_REQUIREMENT_
Restate the listing below word for word, pictures excluded.

*** Opening of ENTRIES SUPPLIED ***

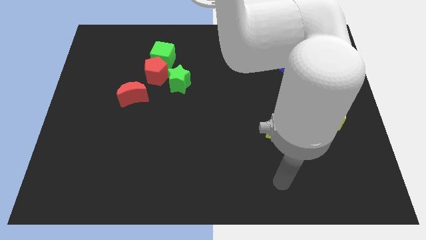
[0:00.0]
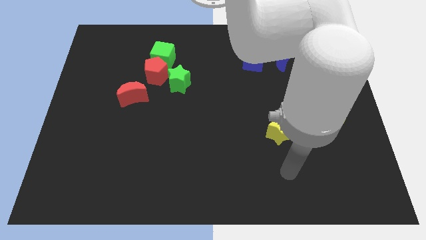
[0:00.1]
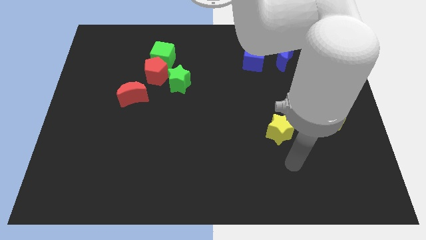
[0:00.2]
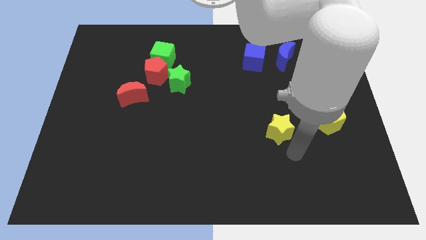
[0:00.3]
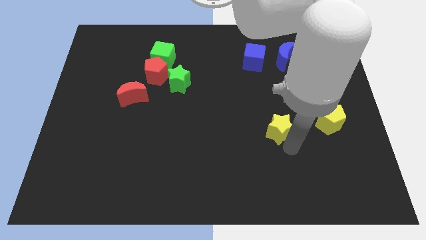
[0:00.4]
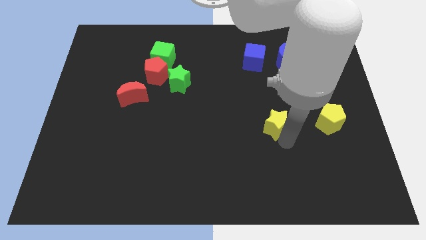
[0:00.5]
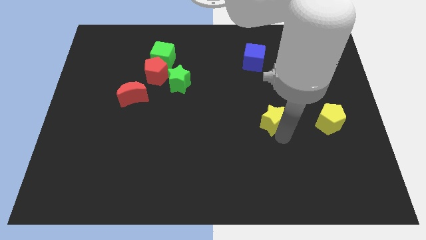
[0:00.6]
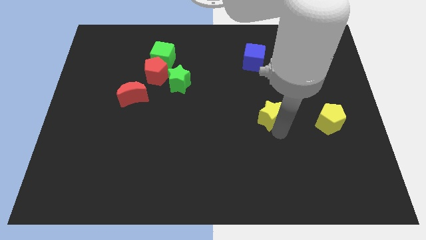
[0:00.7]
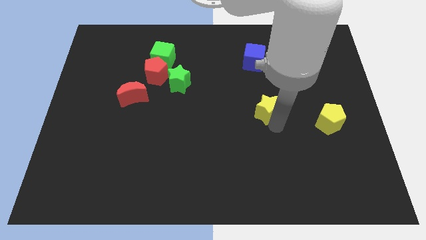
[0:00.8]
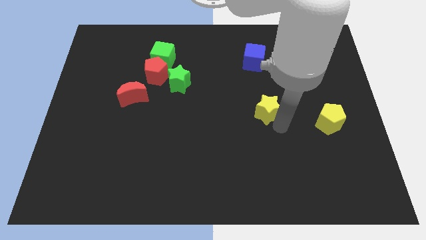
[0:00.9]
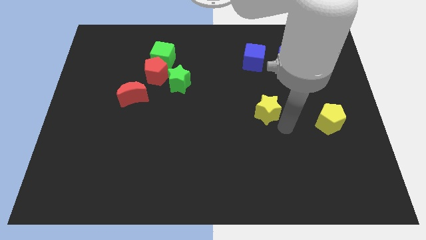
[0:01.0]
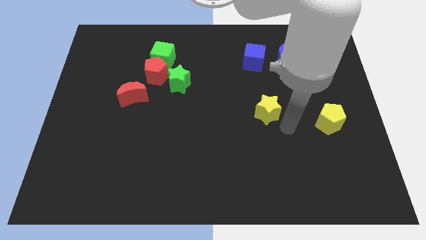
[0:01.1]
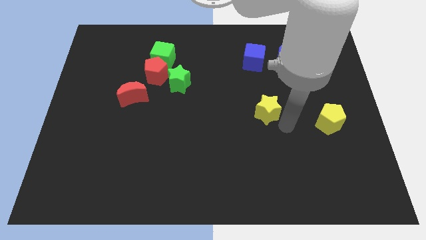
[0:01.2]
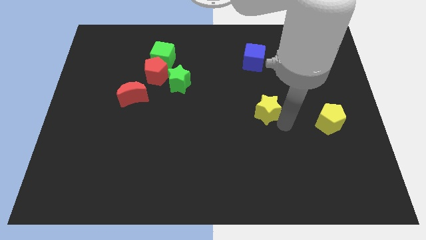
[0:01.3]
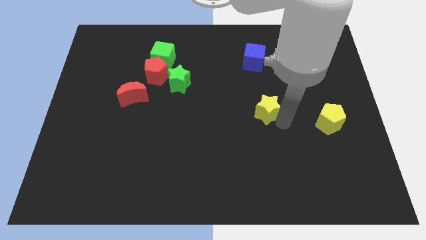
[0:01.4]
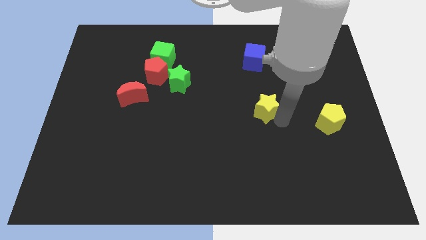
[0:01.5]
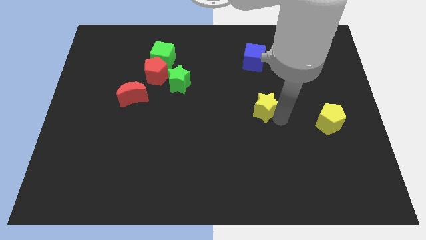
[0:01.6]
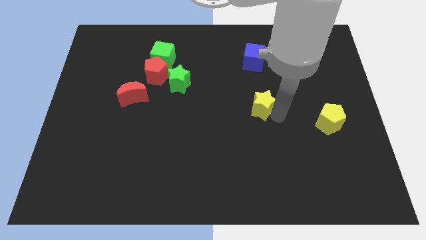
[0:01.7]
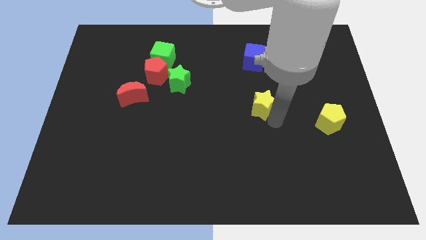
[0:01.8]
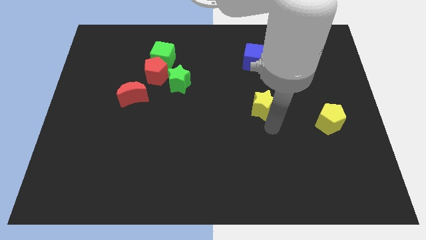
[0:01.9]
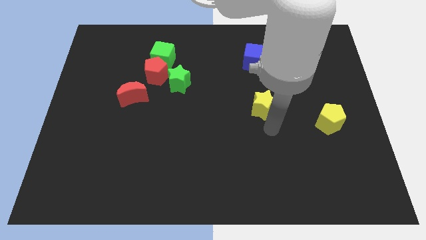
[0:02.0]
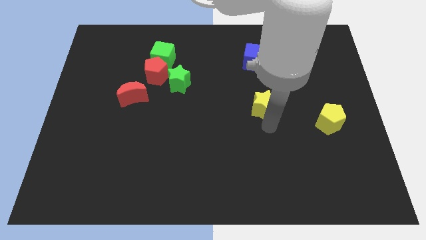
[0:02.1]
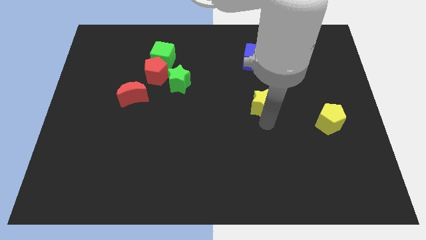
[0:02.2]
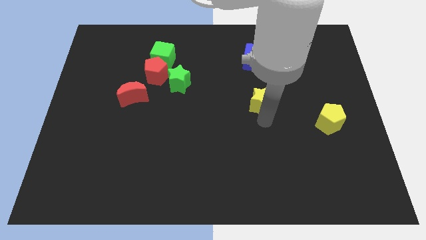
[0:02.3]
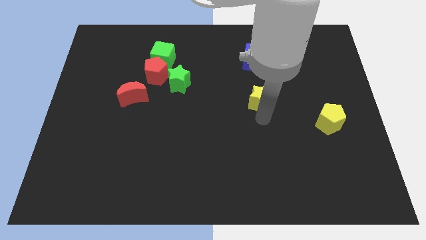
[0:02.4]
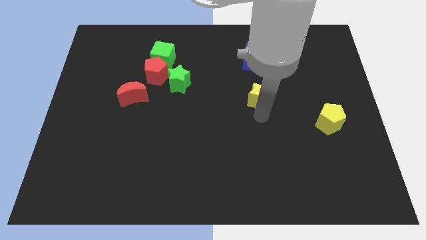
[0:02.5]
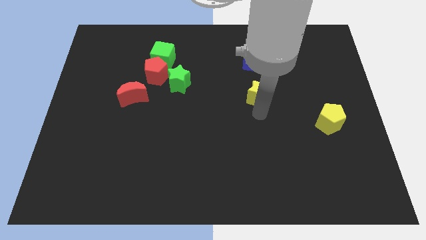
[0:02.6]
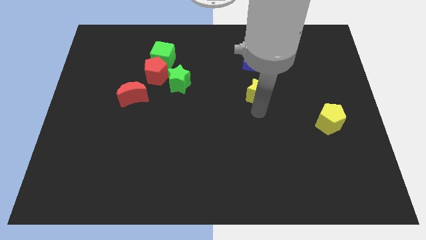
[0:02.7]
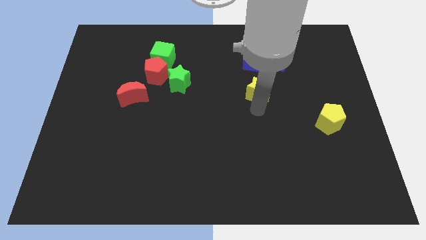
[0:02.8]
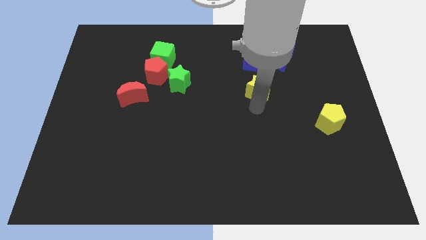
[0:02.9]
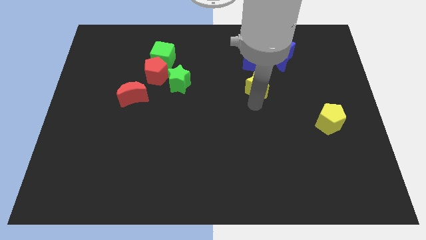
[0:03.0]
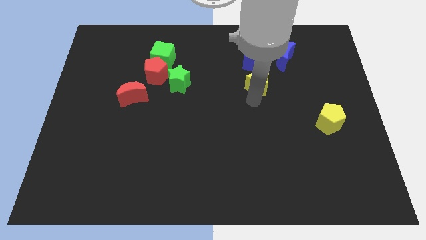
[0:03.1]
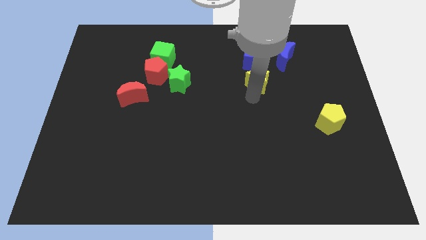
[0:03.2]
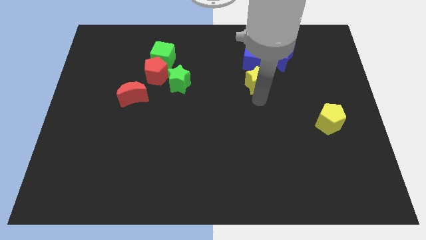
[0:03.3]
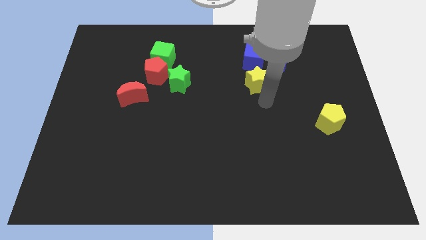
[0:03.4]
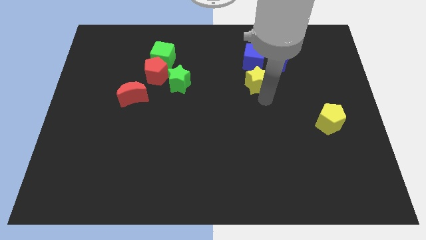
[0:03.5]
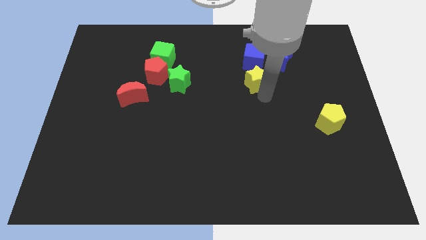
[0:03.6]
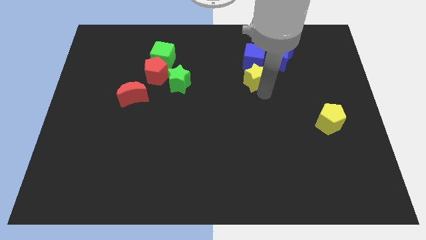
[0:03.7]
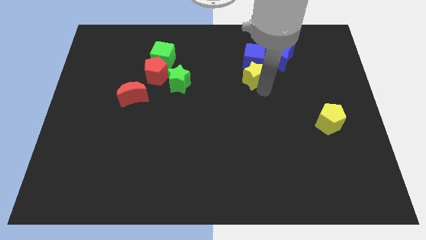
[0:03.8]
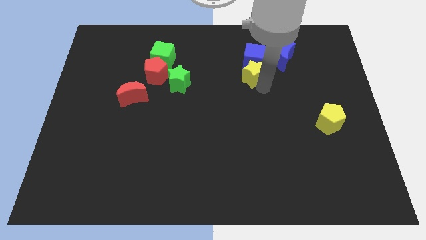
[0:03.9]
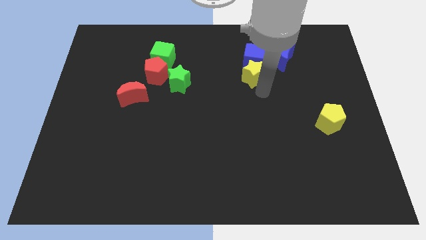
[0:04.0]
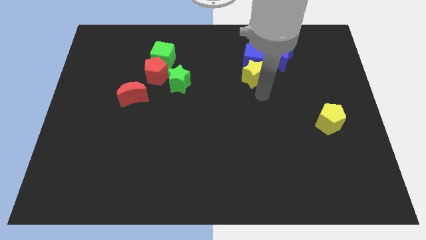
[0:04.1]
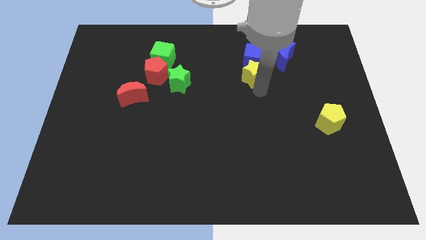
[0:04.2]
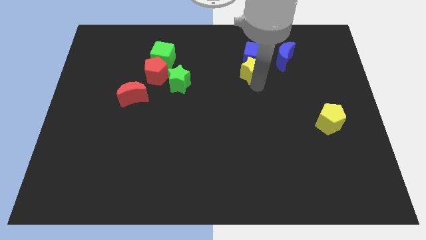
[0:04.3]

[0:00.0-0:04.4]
move the yellow star left of the blue moon

*** Close of ENTRIES SUPPLIED ***

_TASK RESULT_
[0:00.0]
[0:00.1]
[0:00.2]
[0:00.3]
[0:00.4]
[0:00.5]
[0:00.6]
[0:00.7]
[0:00.8]
[0:00.9]
[0:01.0]
[0:01.1]
[0:01.2]
[0:01.3]
[0:01.4]
[0:01.5]
[0:01.6]
[0:01.7]
[0:01.8]
[0:01.9]
[0:02.0]
[0:02.1]
[0:02.2]
[0:02.3]
[0:02.4]
[0:02.5]
[0:02.6]
[0:02.7]
[0:02.8]
[0:02.9]
[0:03.0]
[0:03.1]
[0:03.2]
[0:03.3]
[0:03.4]
[0:03.5]
[0:03.6]
[0:03.7]
[0:03.8]
[0:03.9]
[0:04.0]
[0:04.1]
[0:04.2]
[0:04.3]

[0:00.0-0:04.4]
move the yellow star left of the blue moon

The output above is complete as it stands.